The association also wants the Biden administration to prioritize the processing of COVID-19 Employee Retention Tax Credit filings. “Some restaurant operators have waited more than a year for the Internal Revenue Service” to process the filings. “This delay means many restaurants lost tax deductions for ERTC-eligible expenses in 2021 without yet receiving ERTC payroll tax rebates.”

The Inflation Reduction Act does contain nearly $80 billion for the IRS to improve operations, increase enforcement of tax laws, modernize its systems and improve customer service.

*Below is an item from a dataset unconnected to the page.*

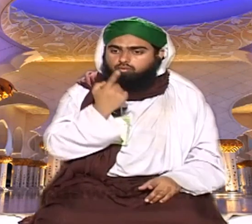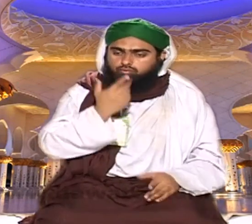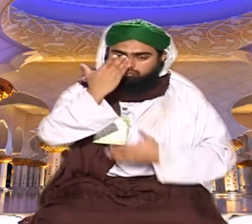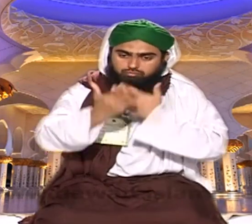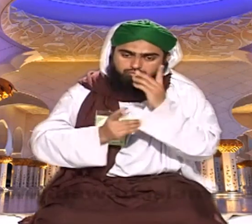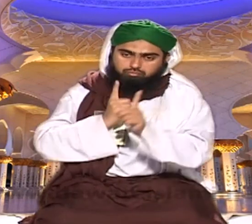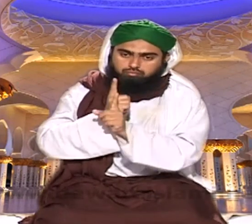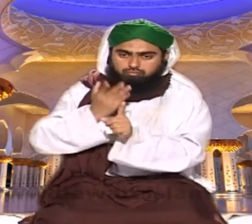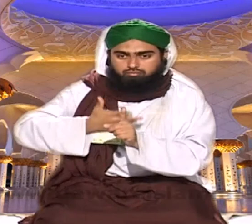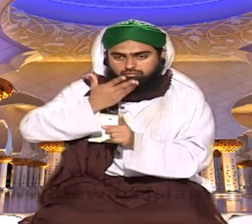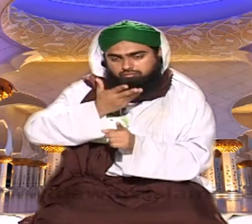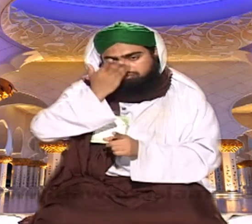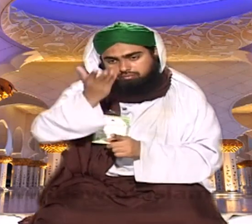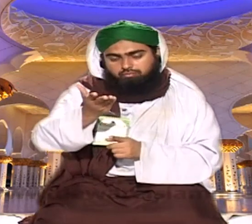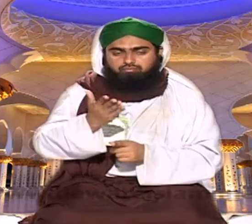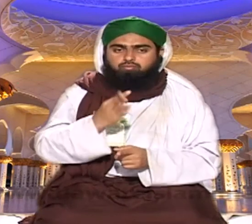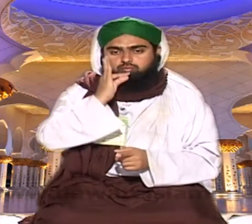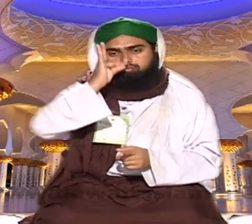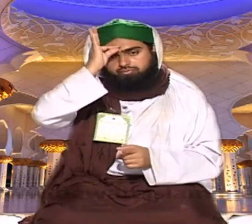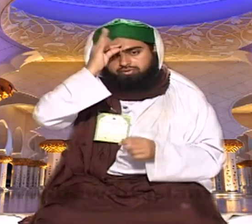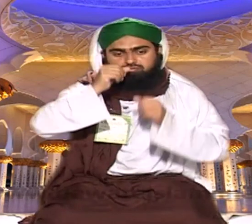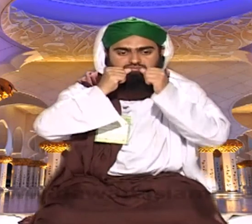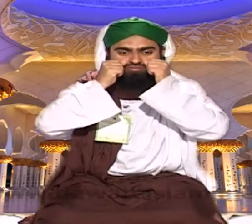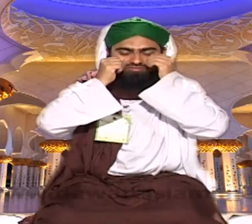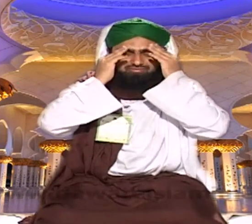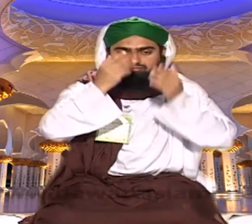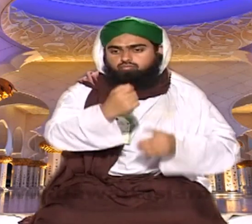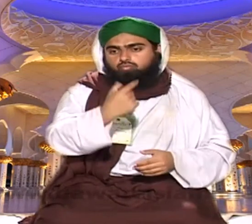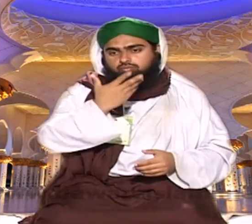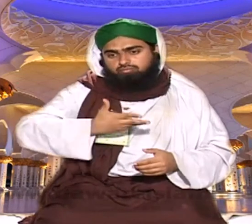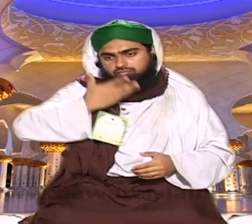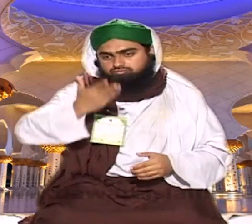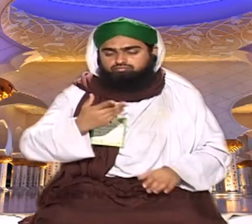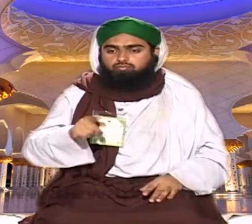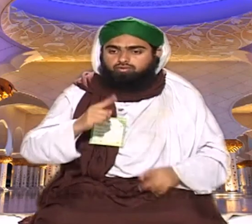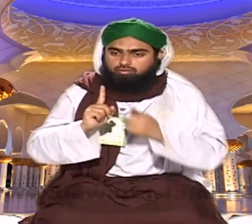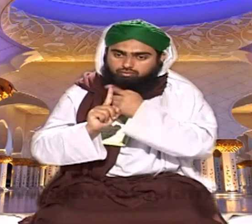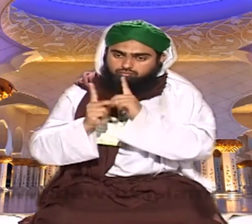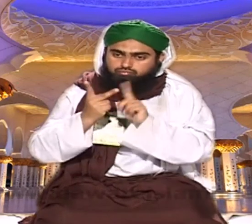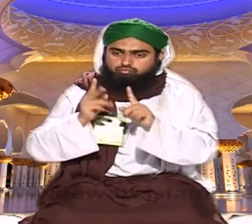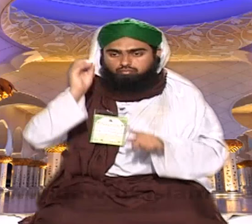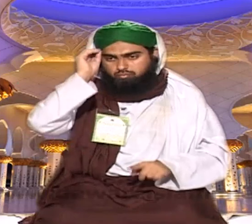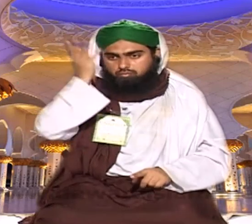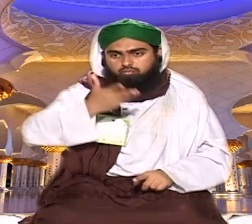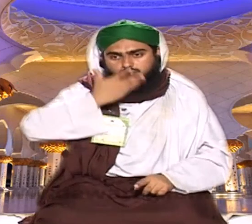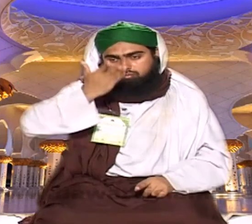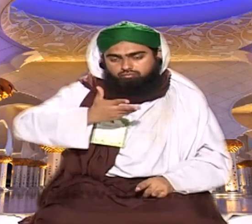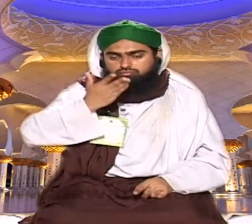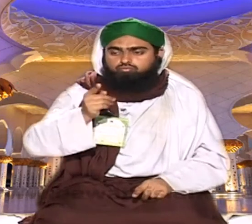مجھے سرکار نے بھیجا اور اس کو یہ نیشاپور پیش کر دینا کہ تُو روزہ نہ سو مرتبہ

Additionally, the association called on Congress to pass a bill “to restore depreciation and amortization to the calculation of the Interest Expense Deduction. This will help encourage investments in U.S. business and restaurant growth.”

Inflation remains a vexing problem for the restaurant industry. Wholesale food costs have risen 13.4% in the last 12 months, the association said, including a 39% increase in the price for flour, a 156% increase for eggs and a 61% increase for butter. “Menu prices increased just 7.7% during this period, and the average restaurant pre-tax margins have fallen to around 1%,” the release states.

Meanwhile, $180 million in Restaurant Revitalization Fund (RRF) money still hasn’t been distributed to qualified applicants, the association noted. “We overcame the legislative odds to get RRF passed into law, so it’s very disappointing to hear that some of that money is sitting in SBA’s accounts,” said association executive Sean Kennedy. “The association supports SBA’s efforts to be good stewards of taxpayer dollars, but Congress set aside $28.6 billion to support the industry and restaurants should receive that full amount.”